### ACTIVITY
Copy every record exactly as it appears in the data below.

### DATA FOR REVIEW
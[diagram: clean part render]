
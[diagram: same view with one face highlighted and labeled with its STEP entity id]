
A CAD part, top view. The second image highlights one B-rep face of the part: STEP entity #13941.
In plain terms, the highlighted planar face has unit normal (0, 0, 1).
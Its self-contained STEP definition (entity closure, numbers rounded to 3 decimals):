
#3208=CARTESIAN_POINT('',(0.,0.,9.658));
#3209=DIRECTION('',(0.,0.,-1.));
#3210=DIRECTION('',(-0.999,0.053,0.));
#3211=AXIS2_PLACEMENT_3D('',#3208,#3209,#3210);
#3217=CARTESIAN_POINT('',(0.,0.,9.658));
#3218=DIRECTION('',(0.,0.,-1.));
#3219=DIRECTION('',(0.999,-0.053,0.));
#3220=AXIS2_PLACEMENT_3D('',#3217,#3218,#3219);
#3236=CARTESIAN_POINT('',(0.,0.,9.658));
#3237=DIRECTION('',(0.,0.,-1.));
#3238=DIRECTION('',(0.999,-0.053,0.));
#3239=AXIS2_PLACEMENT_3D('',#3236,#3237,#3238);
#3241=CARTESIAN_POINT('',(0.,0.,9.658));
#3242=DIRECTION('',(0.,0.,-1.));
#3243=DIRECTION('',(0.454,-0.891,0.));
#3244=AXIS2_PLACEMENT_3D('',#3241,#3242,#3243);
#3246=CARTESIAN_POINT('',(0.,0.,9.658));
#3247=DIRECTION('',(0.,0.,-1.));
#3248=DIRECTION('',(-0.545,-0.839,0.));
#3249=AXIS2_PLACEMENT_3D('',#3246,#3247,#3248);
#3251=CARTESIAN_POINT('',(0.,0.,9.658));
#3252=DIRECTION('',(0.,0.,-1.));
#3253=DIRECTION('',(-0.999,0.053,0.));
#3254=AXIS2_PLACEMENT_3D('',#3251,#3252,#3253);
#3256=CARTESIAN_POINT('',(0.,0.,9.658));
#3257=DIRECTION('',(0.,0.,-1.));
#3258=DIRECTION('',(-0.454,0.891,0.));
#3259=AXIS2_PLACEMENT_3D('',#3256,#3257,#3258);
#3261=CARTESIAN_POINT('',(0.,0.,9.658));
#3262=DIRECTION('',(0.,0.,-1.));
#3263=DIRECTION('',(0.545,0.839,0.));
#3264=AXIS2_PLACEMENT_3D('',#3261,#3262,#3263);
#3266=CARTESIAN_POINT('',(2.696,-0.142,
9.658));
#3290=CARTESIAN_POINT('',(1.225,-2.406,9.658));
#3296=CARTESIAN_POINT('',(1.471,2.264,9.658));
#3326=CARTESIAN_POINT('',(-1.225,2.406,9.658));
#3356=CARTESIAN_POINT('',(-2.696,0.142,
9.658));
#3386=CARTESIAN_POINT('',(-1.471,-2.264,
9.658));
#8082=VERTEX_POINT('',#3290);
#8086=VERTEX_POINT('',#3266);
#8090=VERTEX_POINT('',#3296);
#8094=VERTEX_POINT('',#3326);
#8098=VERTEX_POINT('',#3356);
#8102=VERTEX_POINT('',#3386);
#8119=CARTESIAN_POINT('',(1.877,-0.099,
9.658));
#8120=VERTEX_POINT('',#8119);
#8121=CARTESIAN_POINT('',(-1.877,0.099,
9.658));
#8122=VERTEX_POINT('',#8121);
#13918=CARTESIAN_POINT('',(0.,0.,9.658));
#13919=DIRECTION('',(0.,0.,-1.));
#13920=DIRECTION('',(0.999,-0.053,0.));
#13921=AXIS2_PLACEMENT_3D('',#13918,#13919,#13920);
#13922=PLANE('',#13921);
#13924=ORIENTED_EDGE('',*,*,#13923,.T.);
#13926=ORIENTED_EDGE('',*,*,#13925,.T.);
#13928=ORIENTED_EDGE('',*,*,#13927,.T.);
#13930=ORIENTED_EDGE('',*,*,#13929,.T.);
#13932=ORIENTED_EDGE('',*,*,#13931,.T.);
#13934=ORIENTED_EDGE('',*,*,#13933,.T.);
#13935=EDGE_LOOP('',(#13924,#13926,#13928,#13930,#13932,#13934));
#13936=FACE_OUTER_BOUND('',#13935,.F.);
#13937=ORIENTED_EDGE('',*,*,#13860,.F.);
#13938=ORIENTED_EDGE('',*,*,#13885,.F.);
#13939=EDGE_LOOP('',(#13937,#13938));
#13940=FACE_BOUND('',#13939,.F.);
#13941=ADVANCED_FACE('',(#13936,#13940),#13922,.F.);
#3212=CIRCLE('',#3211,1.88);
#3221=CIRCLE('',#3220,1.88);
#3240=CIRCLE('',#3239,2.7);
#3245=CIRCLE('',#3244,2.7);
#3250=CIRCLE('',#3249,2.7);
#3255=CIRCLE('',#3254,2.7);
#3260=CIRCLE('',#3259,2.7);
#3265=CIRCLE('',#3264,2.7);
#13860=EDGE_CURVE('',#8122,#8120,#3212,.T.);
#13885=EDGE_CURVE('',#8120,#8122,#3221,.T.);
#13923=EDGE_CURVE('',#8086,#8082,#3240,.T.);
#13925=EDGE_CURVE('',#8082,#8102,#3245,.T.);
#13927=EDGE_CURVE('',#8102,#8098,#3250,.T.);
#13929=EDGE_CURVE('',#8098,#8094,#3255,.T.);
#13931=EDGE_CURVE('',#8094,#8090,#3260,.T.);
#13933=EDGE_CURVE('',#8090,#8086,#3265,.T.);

### YOUR SOLUTION
[diagram: clean part render]
[diagram: same view with one face highlighted and labeled with its STEP entity id]
A CAD part, top view. The second image highlights one B-rep face of the part: STEP entity #13941.
In plain terms, the highlighted planar face has unit normal (0, 0, 1).
Its self-contained STEP definition (entity closure, numbers rounded to 3 decimals):
#3208=CARTESIAN_POINT('',(0.,0.,9.658));
#3209=DIRECTION('',(0.,0.,-1.));
#3210=DIRECTION('',(-0.999,0.053,0.));
#3211=AXIS2_PLACEMENT_3D('',#3208,#3209,#3210);
#3217=CARTESIAN_POINT('',(0.,0.,9.658));
#3218=DIRECTION('',(0.,0.,-1.));
#3219=DIRECTION('',(0.999,-0.053,0.));
#3220=AXIS2_PLACEMENT_3D('',#3217,#3218,#3219);
#3236=CARTESIAN_POINT('',(0.,0.,9.658));
#3237=DIRECTION('',(0.,0.,-1.));
#3238=DIRECTION('',(0.999,-0.053,0.));
#3239=AXIS2_PLACEMENT_3D('',#3236,#3237,#3238);
#3241=CARTESIAN_POINT('',(0.,0.,9.658));
#3242=DIRECTION('',(0.,0.,-1.));
#3243=DIRECTION('',(0.454,-0.891,0.));
#3244=AXIS2_PLACEMENT_3D('',#3241,#3242,#3243);
#3246=CARTESIAN_POINT('',(0.,0.,9.658));
#3247=DIRECTION('',(0.,0.,-1.));
#3248=DIRECTION('',(-0.545,-0.839,0.));
#3249=AXIS2_PLACEMENT_3D('',#3246,#3247,#3248);
#3251=CARTESIAN_POINT('',(0.,0.,9.658));
#3252=DIRECTION('',(0.,0.,-1.));
#3253=DIRECTION('',(-0.999,0.053,0.));
#3254=AXIS2_PLACEMENT_3D('',#3251,#3252,#3253);
#3256=CARTESIAN_POINT('',(0.,0.,9.658));
#3257=DIRECTION('',(0.,0.,-1.));
#3258=DIRECTION('',(-0.454,0.891,0.));
#3259=AXIS2_PLACEMENT_3D('',#3256,#3257,#3258);
#3261=CARTESIAN_POINT('',(0.,0.,9.658));
#3262=DIRECTION('',(0.,0.,-1.));
#3263=DIRECTION('',(0.545,0.839,0.));
#3264=AXIS2_PLACEMENT_3D('',#3261,#3262,#3263);
#3266=CARTESIAN_POINT('',(2.696,-0.142,
9.658));
#3290=CARTESIAN_POINT('',(1.225,-2.406,9.658));
#3296=CARTESIAN_POINT('',(1.471,2.264,9.658));
#3326=CARTESIAN_POINT('',(-1.225,2.406,9.658));
#3356=CARTESIAN_POINT('',(-2.696,0.142,
9.658));
#3386=CARTESIAN_POINT('',(-1.471,-2.264,
9.658));
#8082=VERTEX_POINT('',#3290);
#8086=VERTEX_POINT('',#3266);
#8090=VERTEX_POINT('',#3296);
#8094=VERTEX_POINT('',#3326);
#8098=VERTEX_POINT('',#3356);
#8102=VERTEX_POINT('',#3386);
#8119=CARTESIAN_POINT('',(1.877,-0.099,
9.658));
#8120=VERTEX_POINT('',#8119);
#8121=CARTESIAN_POINT('',(-1.877,0.099,
9.658));
#8122=VERTEX_POINT('',#8121);
#13918=CARTESIAN_POINT('',(0.,0.,9.658));
#13919=DIRECTION('',(0.,0.,-1.));
#13920=DIRECTION('',(0.999,-0.053,0.));
#13921=AXIS2_PLACEMENT_3D('',#13918,#13919,#13920);
#13922=PLANE('',#13921);
#13924=ORIENTED_EDGE('',*,*,#13923,.T.);
#13926=ORIENTED_EDGE('',*,*,#13925,.T.);
#13928=ORIENTED_EDGE('',*,*,#13927,.T.);
#13930=ORIENTED_EDGE('',*,*,#13929,.T.);
#13932=ORIENTED_EDGE('',*,*,#13931,.T.);
#13934=ORIENTED_EDGE('',*,*,#13933,.T.);
#13935=EDGE_LOOP('',(#13924,#13926,#13928,#13930,#13932,#13934));
#13936=FACE_OUTER_BOUND('',#13935,.F.);
#13937=ORIENTED_EDGE('',*,*,#13860,.F.);
#13938=ORIENTED_EDGE('',*,*,#13885,.F.);
#13939=EDGE_LOOP('',(#13937,#13938));
#13940=FACE_BOUND('',#13939,.F.);
#13941=ADVANCED_FACE('',(#13936,#13940),#13922,.F.);
#3212=CIRCLE('',#3211,1.88);
#3221=CIRCLE('',#3220,1.88);
#3240=CIRCLE('',#3239,2.7);
#3245=CIRCLE('',#3244,2.7);
#3250=CIRCLE('',#3249,2.7);
#3255=CIRCLE('',#3254,2.7);
#3260=CIRCLE('',#3259,2.7);
#3265=CIRCLE('',#3264,2.7);
#13860=EDGE_CURVE('',#8122,#8120,#3212,.T.);
#13885=EDGE_CURVE('',#8120,#8122,#3221,.T.);
#13923=EDGE_CURVE('',#8086,#8082,#3240,.T.);
#13925=EDGE_CURVE('',#8082,#8102,#3245,.T.);
#13927=EDGE_CURVE('',#8102,#8098,#3250,.T.);
#13929=EDGE_CURVE('',#8098,#8094,#3255,.T.);
#13931=EDGE_CURVE('',#8094,#8090,#3260,.T.);
#13933=EDGE_CURVE('',#8090,#8086,#3265,.T.);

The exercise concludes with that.